I watched my aunt spend decades on foot, in letters of inquiry and on the phone, tracing our maternal line back to three different passengers on the Mayflower. It's so easy now to do ancestor research online. And so easy to make errors by clicking someone else's unproven data!
I know the frustration of finding a long lost relative's grave on Find A Grave, but only seeing the year of birth, year of death and partial name entered, and no headstone photo, link or bio. So I am adding as many headstone photos, links, and bios as I can to memorials from cemeteries from the 1700, 1800 and early 1900's.
I work from actual headstones first, not from published lists of graves, and I confirm my photo data with Federal census records, town records, historical county records, birth, marriage and deaths from church records, old newspaper articles, and Federal mortality schedules. Every fact for any photo or memorial I post has been thoroughly researched.
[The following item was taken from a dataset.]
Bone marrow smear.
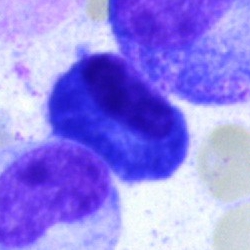
Classification — plasmacyte.

If you send me an edit, please cite the source of the edit information.
On new memorials that I post, I am adding whatever local info about the person that I can find. I have spent many hours trying to translate and/or decipher worn away letters on hundreds of headstones.
If, in turn, my helping others to find their ancestors, will lead to someone finding my long lost pre-1824 Penna. Shaffer kin and their burial places, then the kindness will come full circle.
Working to decipher the words on the oldest headstones, before they become too weathered to read, is not just my hobby, but a way to preserve our past.